Why low iron increases the risk of DSE is unclear. One possibility is that side-effects may present an additional burden on top of the symptoms of anaemia. Another is that there may be a relationship between iron status and reproductive hormones levels. Women with lower natural levels of reproductive hormones have been suggested to experience the most side-effects from typically high contraceptive doses4, but whether low iron is associated with lower reproductive hormone levels remains to be further investigated20. Studying the response of anaemic and non-anaemic women to different doses of contraception, such as the lower dose injectable, Sayana Press, may present a promising avenue for understanding the interaction of dose, hormone levels, iron and side-effects.
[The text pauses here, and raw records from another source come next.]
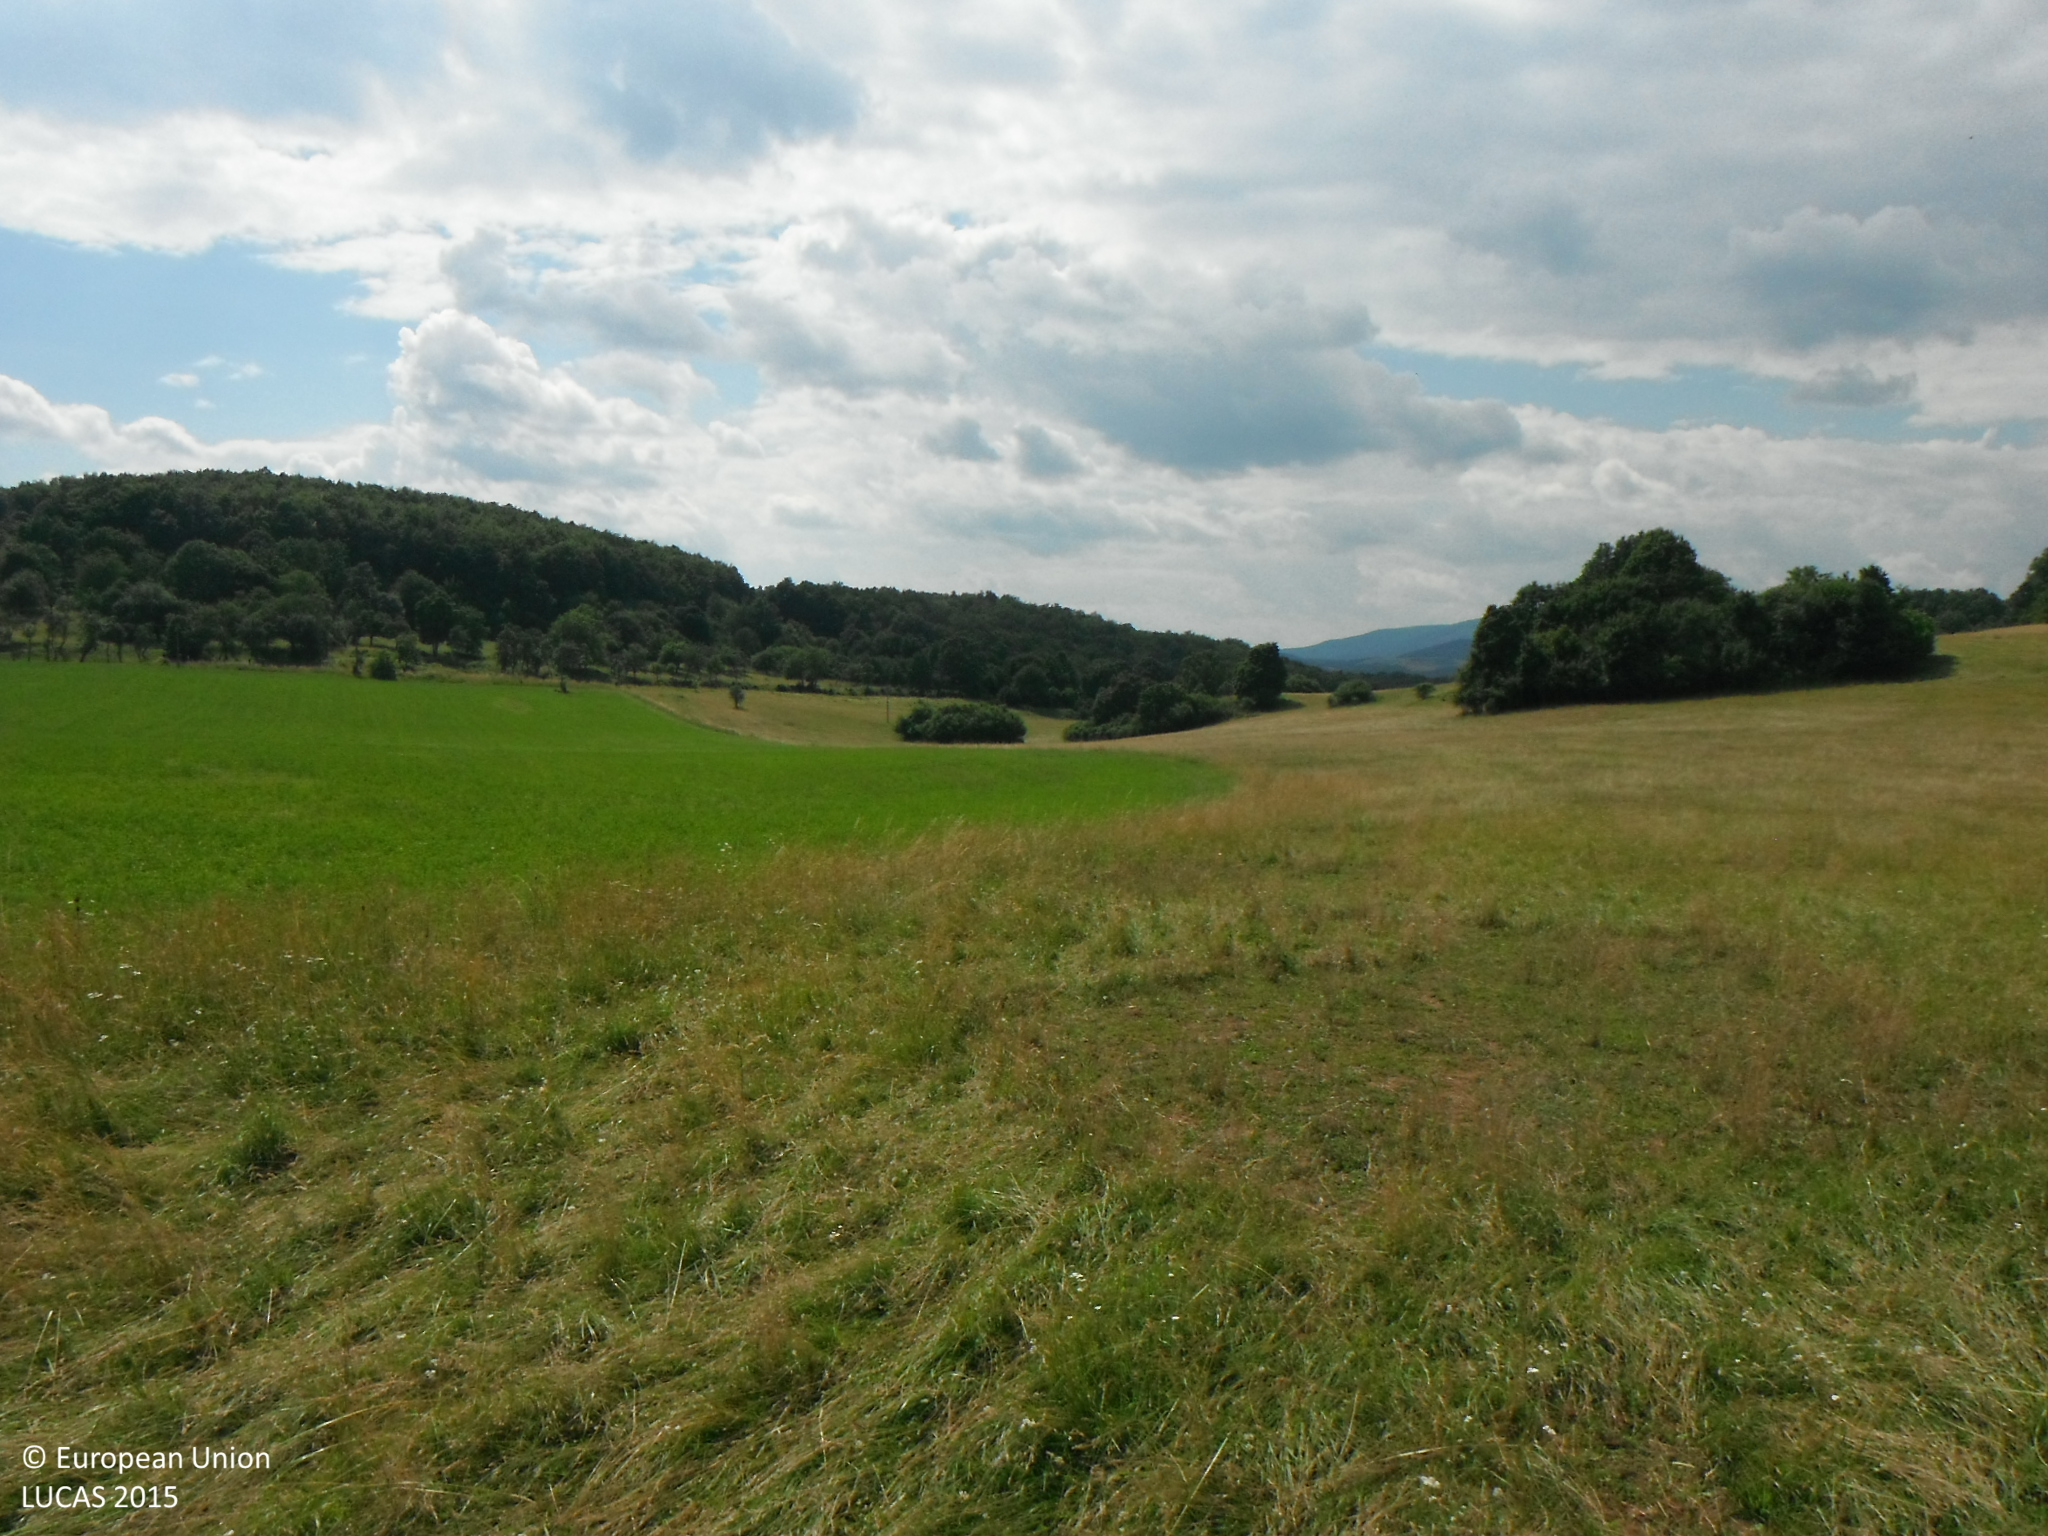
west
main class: Grassland
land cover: Grassland without tree/shrub cover
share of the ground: > 75 %
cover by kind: herbaceous plants 100 %
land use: Agriculture (excluding fallow land and kitchen gardens)
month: June
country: SK
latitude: 48.5210
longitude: 20.0902
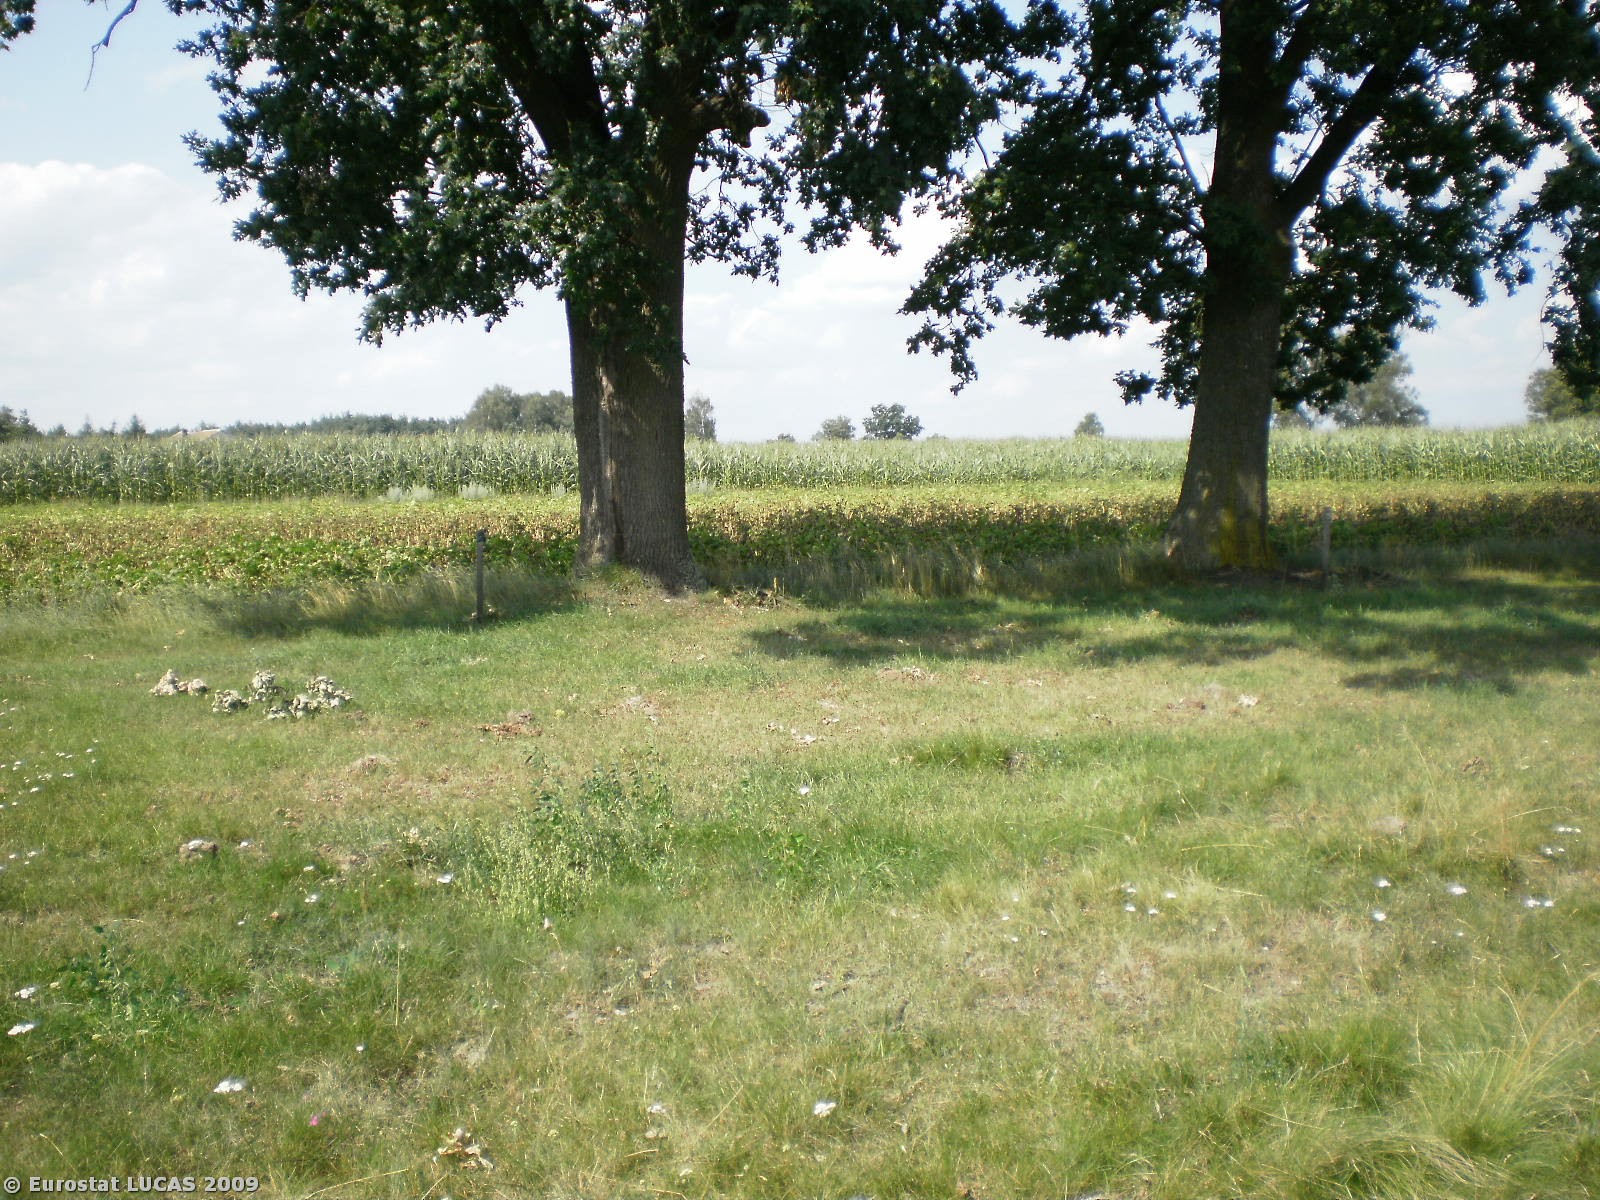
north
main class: Grassland
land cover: Grassland without tree/shrub cover
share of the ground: > 75 %
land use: Agriculture (excluding fallow land and kitchen gardens)
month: July
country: PL
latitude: 53.2824
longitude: 20.9774
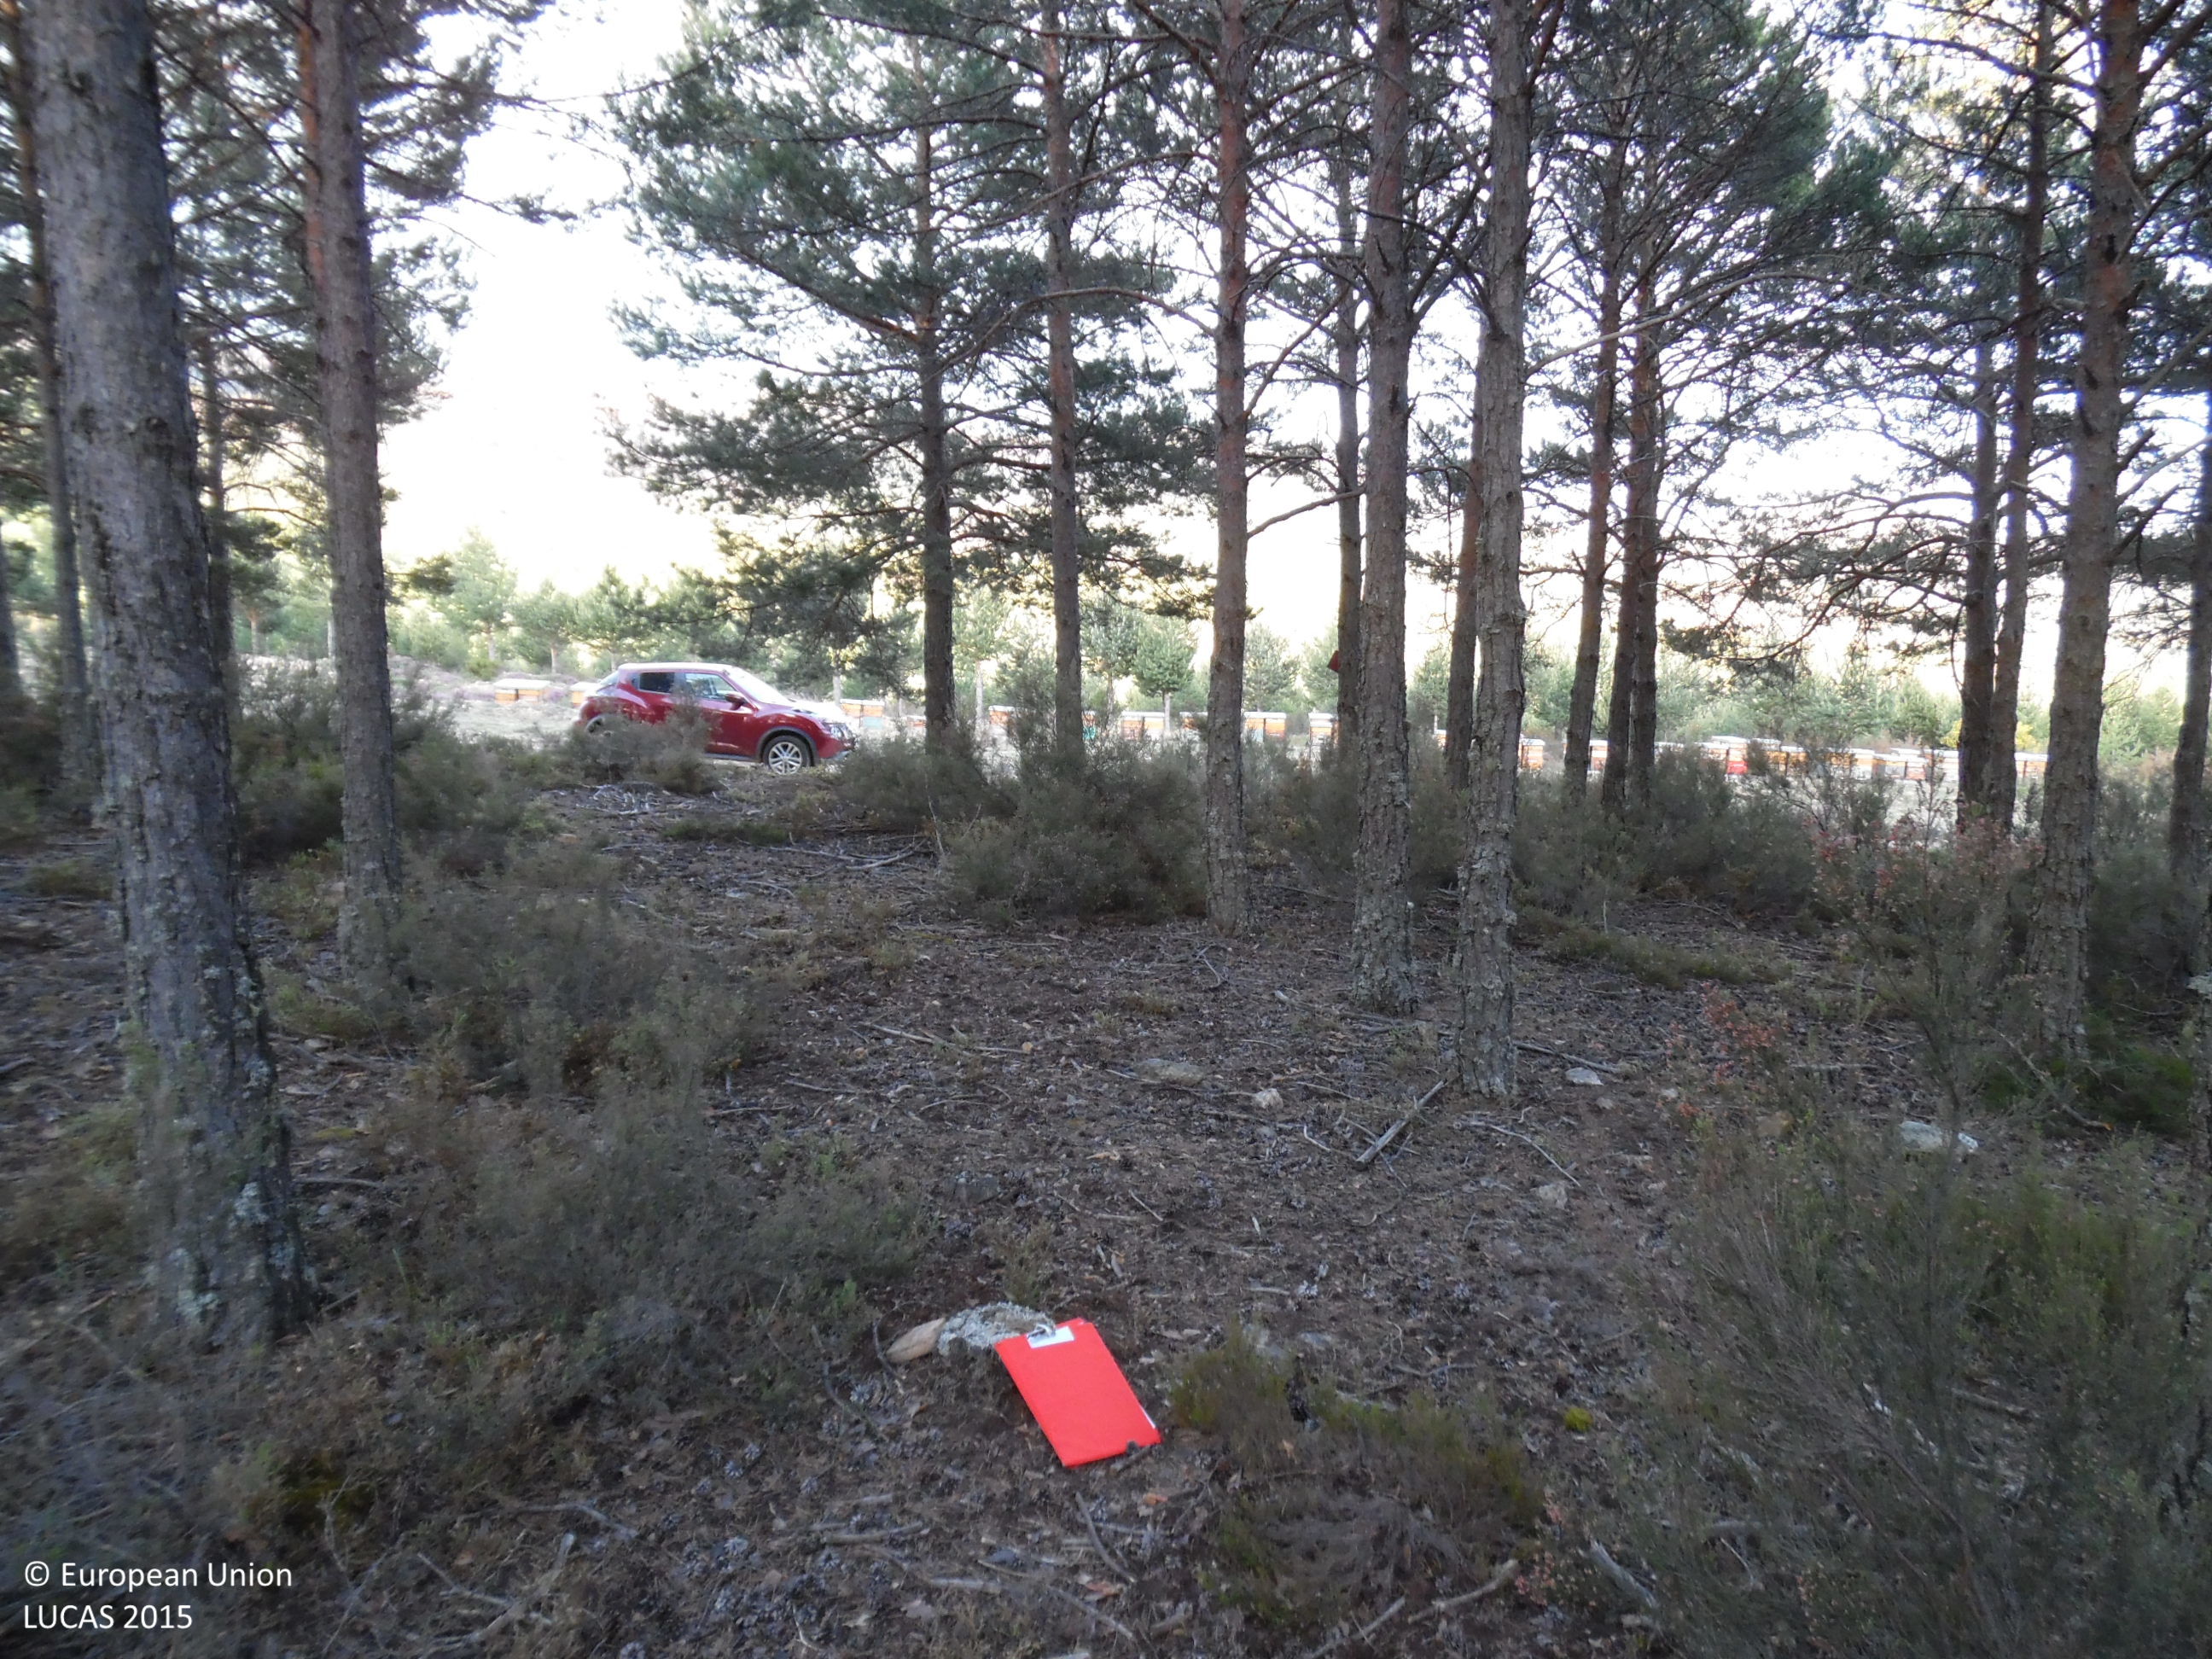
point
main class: Woodland
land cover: Pine dominated coniferous woodland
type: coniferous forest of the mediterranean region
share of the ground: > 75 %
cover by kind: coniferous forest trees 100 %
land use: Forestry
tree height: > 5 m
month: May
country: ES
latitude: 42.2621
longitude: -6.2924

The association between iron status and DSE has potentially important implications for both family planning programs and research. Family planning programs might benefit from providing an integrated service package addressing anaemia as well as supplying hormonal contraception, whereby counselling prior to prescription of contraceptives could add a haemoglobin test. If anaemia is detected, the cause of low haemoglobin could be investigated and treated, either with iron supplementation, in the case of IDA, or relevant antimalarials or antibiotics, in the case of AI. Additionally, the results of this study reveal two gaps in current discontinuation research. Firstly, as discontinuation is a heterogeneous phenomenon which is not currently measured in a nuanced way2, studies could benefit from collecting prospective longitudinal data, measuring multiple discontinuation reasons per event, side-effect experiences, and fertility desire measures, which encapsulate fertility planning and motivations within a woman’s context. Secondly, further research on discontinuation and contraceptive development should include additional physiological risk factors, such as iron levels, when examining risk of side-effects. Understanding the causal relationships between physiological factors and side-effects not only may help reduce discontinuation, but also help stimulate research to improve contraceptive technology, doses and service quality for women who continue use, as well as those who discontinue. This utilises a rights-based, quality of care approach21 by focusing concurrently on quality of life during use and helping women achieve their fertility goals through either continuation or timely discontinuation of their method of contraception.